* Spanish and Italian yields rise as political risks grow
* 2013 rally in peripheral bonds reaching stretched levels
* Bunds rebound but remain lower after late Friday selloff
By William James
LONDON, Feb 4 (Reuters) - Spanish and Italian government bond yields rose on Monday as investors grew wary that mounting political uncertainty in both countries could derail this year’s strong rally in higher-yielding euro zone debt.
In Spain, Prime Minister Mariano Rajoy was facing calls to resign over a corruption scandal, and in Italy the growing popularity of former premier Silvio Berlusconi was a worry for investors in the run-up to elections this month.
“It’s that worry of political instability in both Spain and Italy,” a trader said. “Rajoy is under a bit of pressure and Berlusconi seems to be making a good old comeback in the polls as well.”
“A lot of people have been bullish Spain and Italy for a few months and it’s come a long way but there’s a lot of supply to get through and a lot of the early-year money has gone to work.”
Peripheral debt has enjoyed a strong start to the year, aided by the easy supply of cash from central banks and the promise that the European Central Bank will step in and buy bonds of struggling states if necessary.
Spanish 10-year government bond yields rose 10 basis points to 5.32 percent while Italian yields were 9 bps higher at 4.42 percent.
Commerzbank strategists said the time was right to start cutting back investments in peripheral debt as current low yield levels tested technical supports and the Spanish political risks mounted.

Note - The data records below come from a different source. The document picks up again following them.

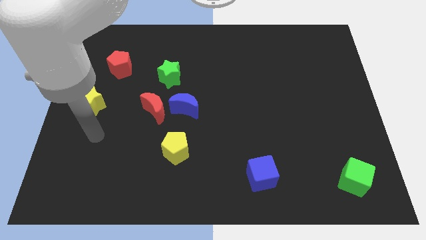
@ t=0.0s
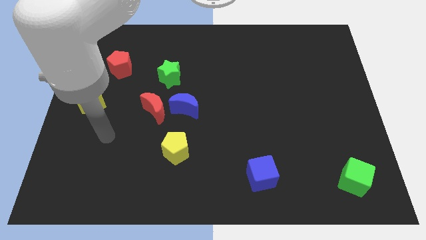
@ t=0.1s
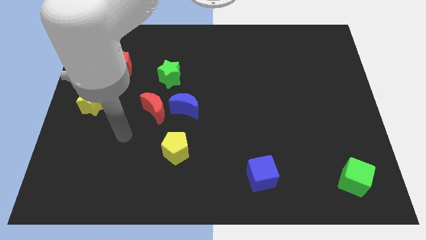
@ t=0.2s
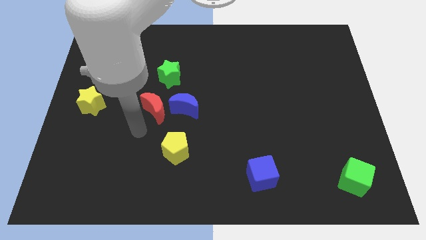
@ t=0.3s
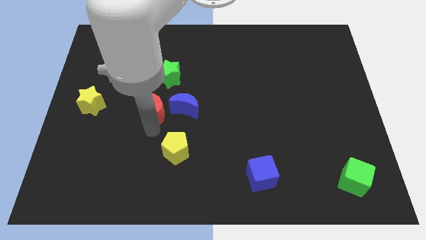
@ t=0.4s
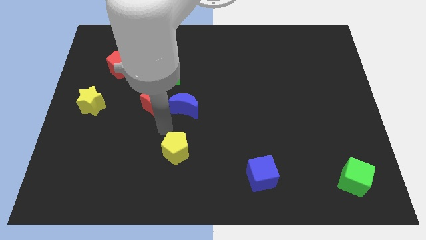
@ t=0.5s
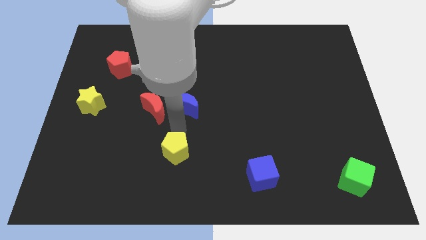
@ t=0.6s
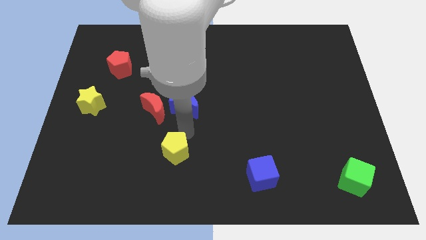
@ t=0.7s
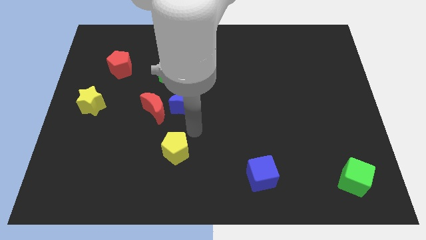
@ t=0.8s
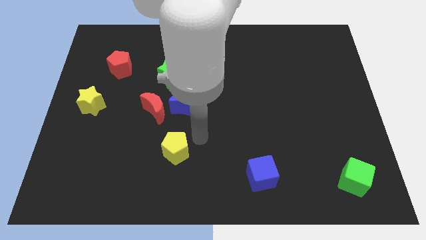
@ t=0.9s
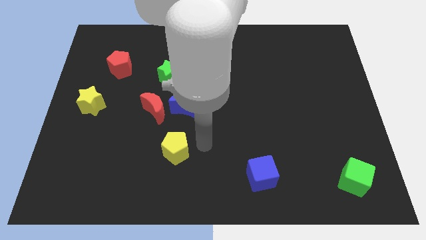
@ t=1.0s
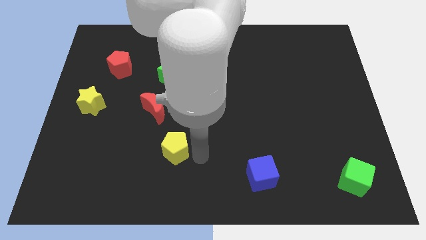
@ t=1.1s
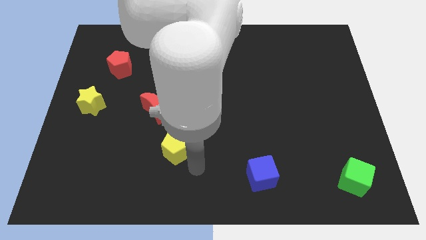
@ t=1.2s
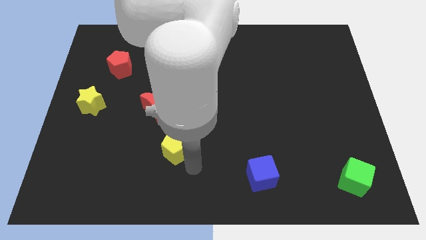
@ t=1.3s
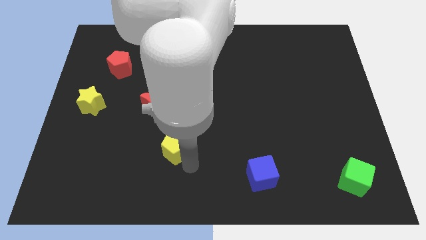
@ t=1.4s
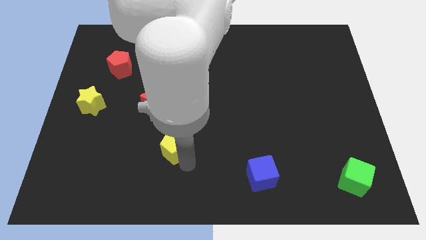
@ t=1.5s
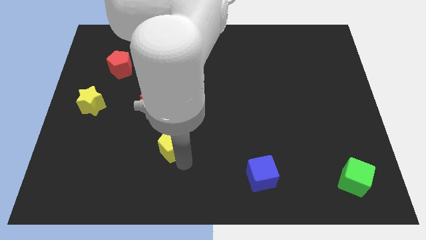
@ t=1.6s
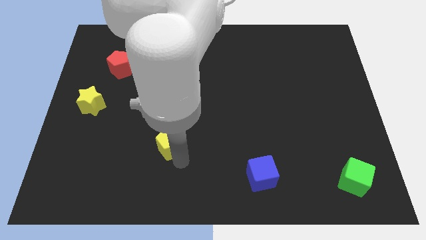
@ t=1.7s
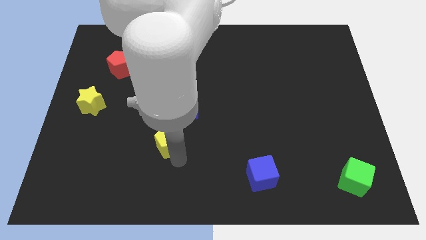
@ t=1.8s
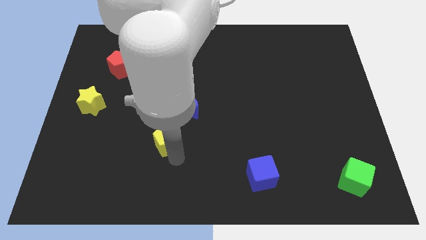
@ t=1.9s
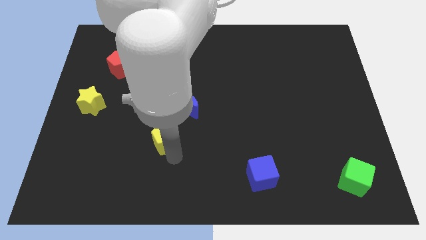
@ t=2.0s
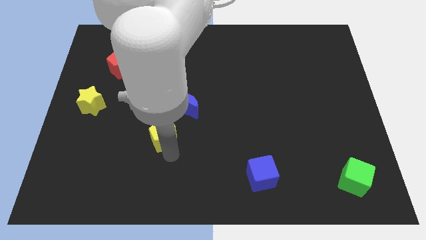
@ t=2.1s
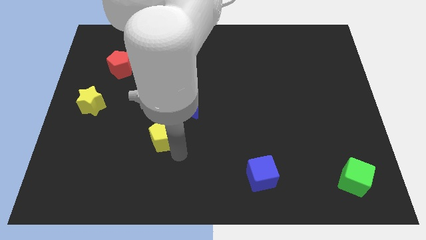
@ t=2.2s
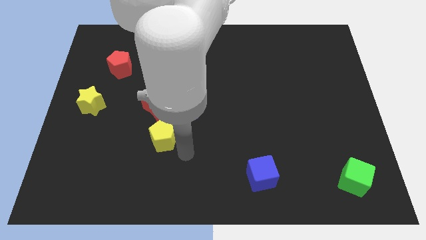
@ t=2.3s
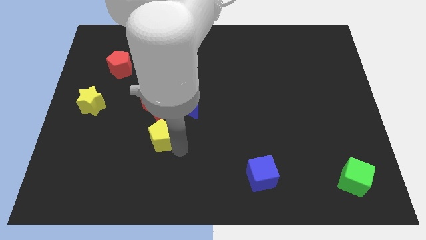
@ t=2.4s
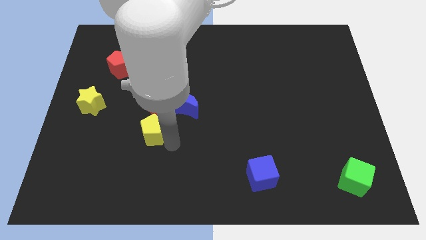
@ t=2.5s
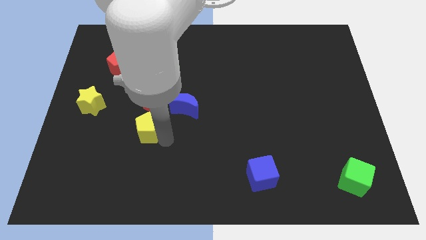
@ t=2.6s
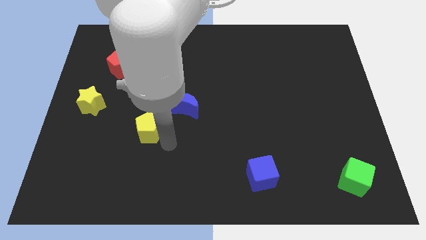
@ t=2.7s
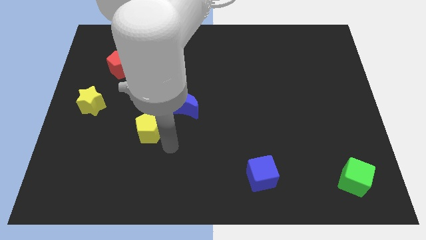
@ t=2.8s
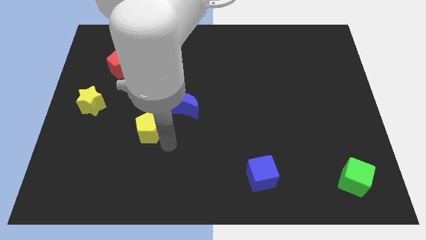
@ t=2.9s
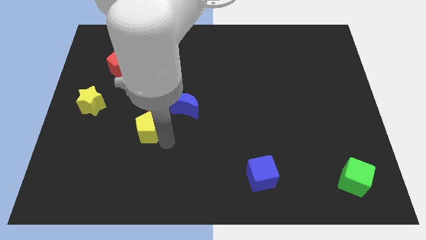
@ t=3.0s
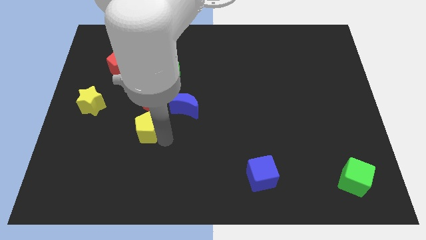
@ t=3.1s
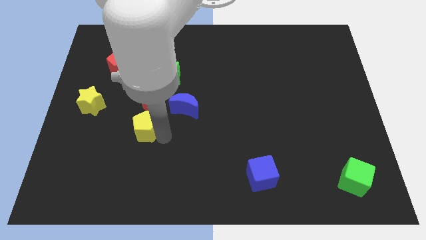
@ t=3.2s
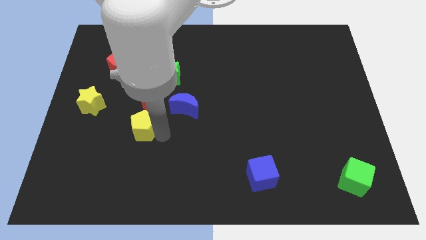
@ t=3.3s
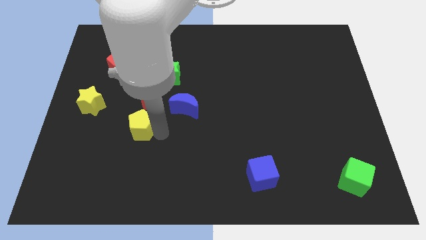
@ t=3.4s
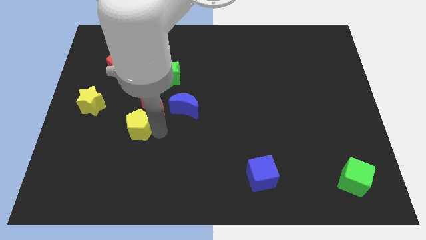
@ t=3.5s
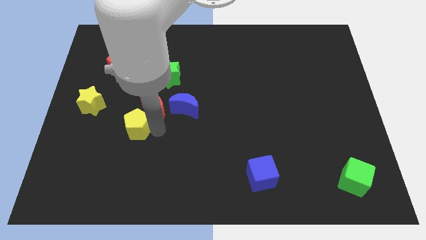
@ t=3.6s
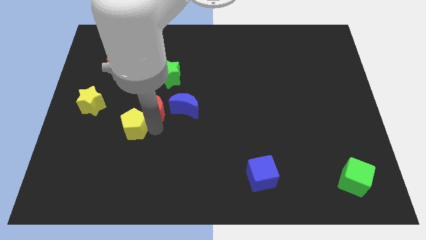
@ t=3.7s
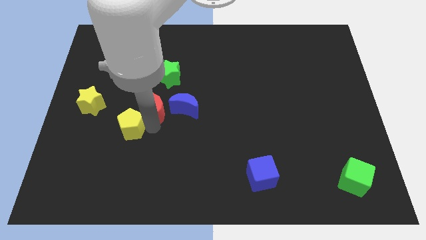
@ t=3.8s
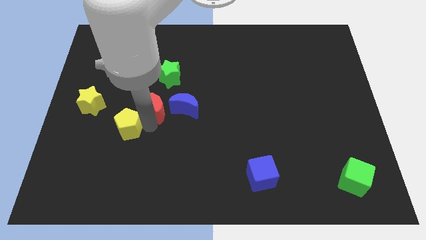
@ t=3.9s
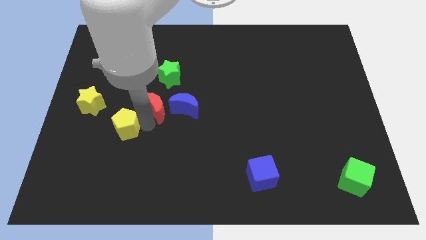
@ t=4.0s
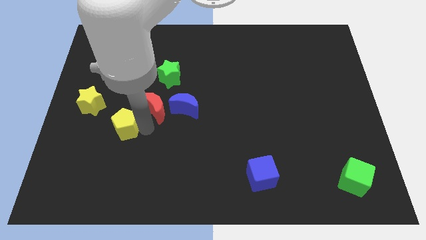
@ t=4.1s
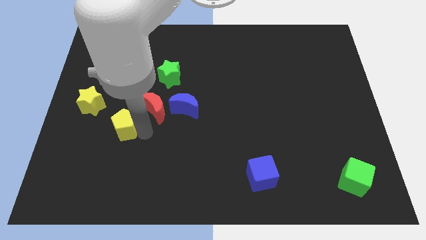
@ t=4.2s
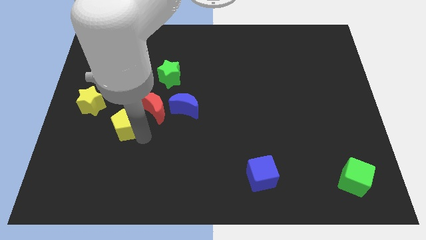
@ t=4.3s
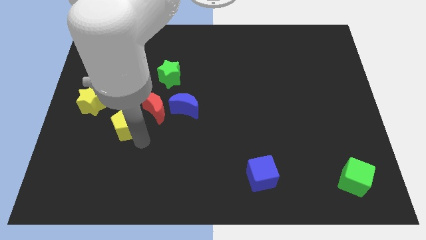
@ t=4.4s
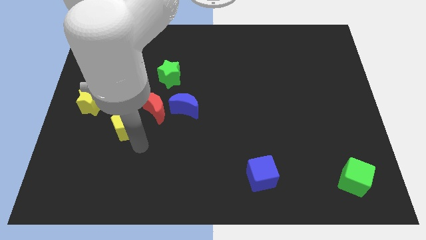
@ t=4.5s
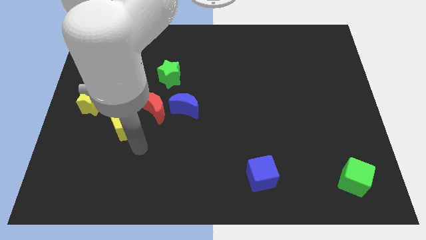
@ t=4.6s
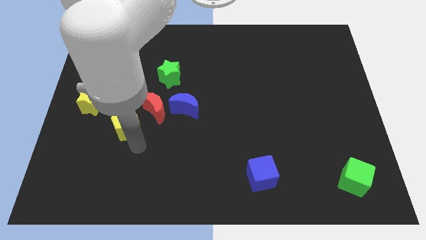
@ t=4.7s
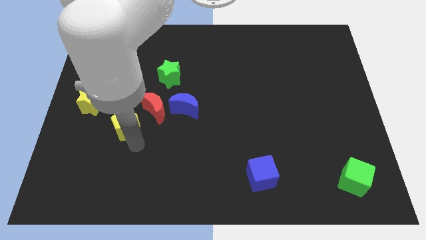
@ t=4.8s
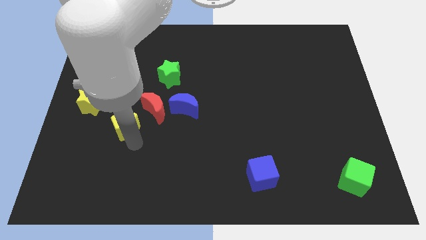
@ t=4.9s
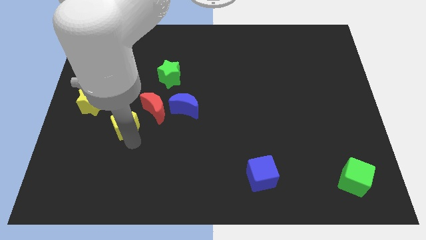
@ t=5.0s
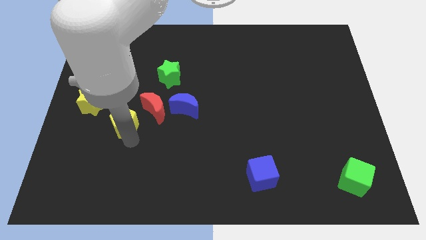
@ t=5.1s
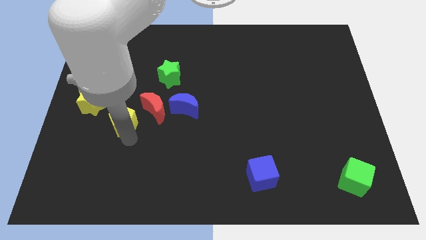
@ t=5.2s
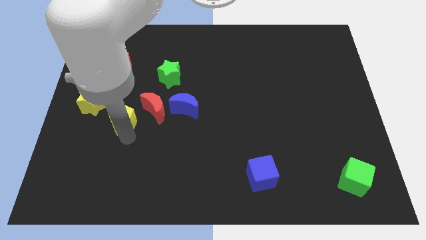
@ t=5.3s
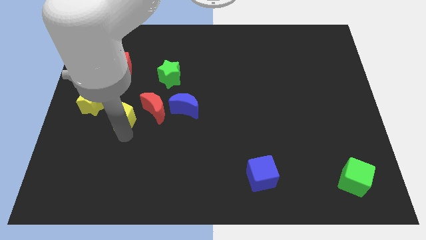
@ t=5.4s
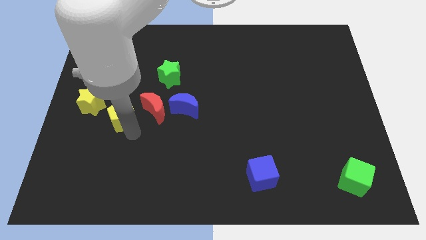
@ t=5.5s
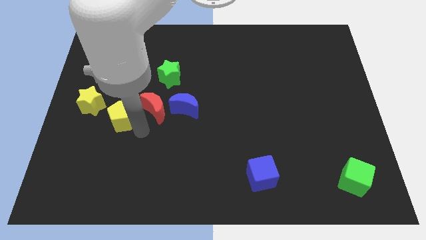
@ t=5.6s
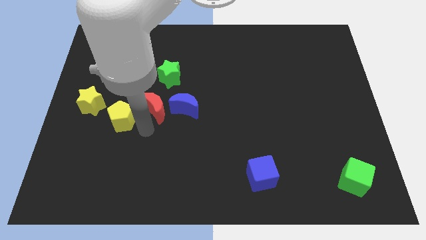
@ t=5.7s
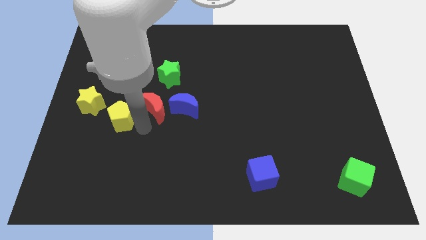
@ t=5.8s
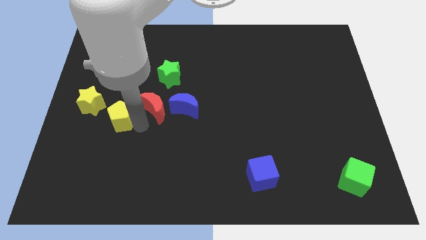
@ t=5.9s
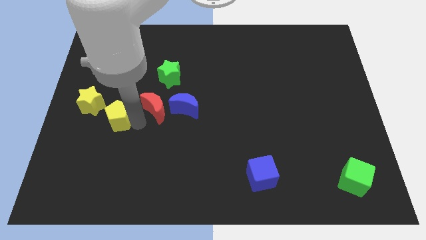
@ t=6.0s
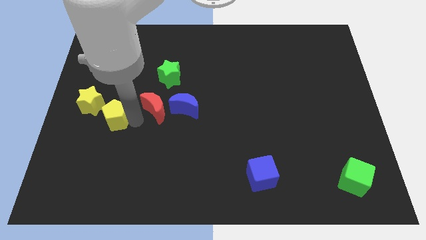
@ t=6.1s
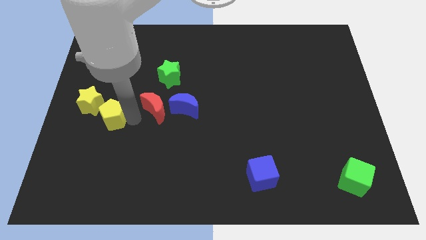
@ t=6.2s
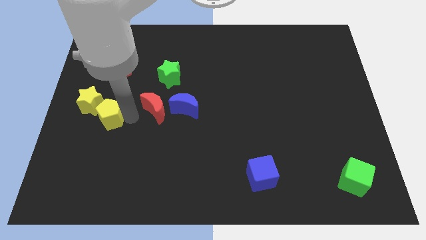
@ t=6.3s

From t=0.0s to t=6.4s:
put the yellow pentagon next to the yellow star

“Uncertainty from the accusations (against Rajoy) has the potential to weigh on sentiment, giving investors second thoughts about overweight positions in the periphery in general and Spain in particular at current spread levels,” they said in a note to clients.

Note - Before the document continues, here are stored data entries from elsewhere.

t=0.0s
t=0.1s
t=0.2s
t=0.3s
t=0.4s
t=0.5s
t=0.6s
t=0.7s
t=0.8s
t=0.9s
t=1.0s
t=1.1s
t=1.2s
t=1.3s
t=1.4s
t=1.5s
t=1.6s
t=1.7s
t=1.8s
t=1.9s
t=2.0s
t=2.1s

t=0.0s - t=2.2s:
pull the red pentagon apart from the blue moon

Rajoy denies any wrongdoing.
German Bund futures, often used as a hedge against a flare-up in the region’s weaker sovereigns, trimmed early losses when Spanish and Italian bonds started trading but, at 141.78, remained 23 ticks lower than at Friday’s settlement.
Much of that fall can be attributed to a steep selloff in U.S. Treasuries late on Friday after labour market and manufacturing data showed recovery in the world’s largest economy remained on track.
“Sentiment still remains pretty negative for Bunds. We’re testing support around 1.7 percent. To get through that level we’re going to need to see further signs of improving sentiment towards the euroland economy,” said Nick Stamenkovic, strategist at RIA Capital Markets.
Any rally in Bunds was likely to be used by others as a chance to sell but the potential for another major selloff remained limited due to the sheer scale of recent falls, Stamenkovic said.
The 10-year German yield was last at 1.69 percent, 2 bps higher on the day and 32 bps up compared to levels seen on the final trading session of 2012.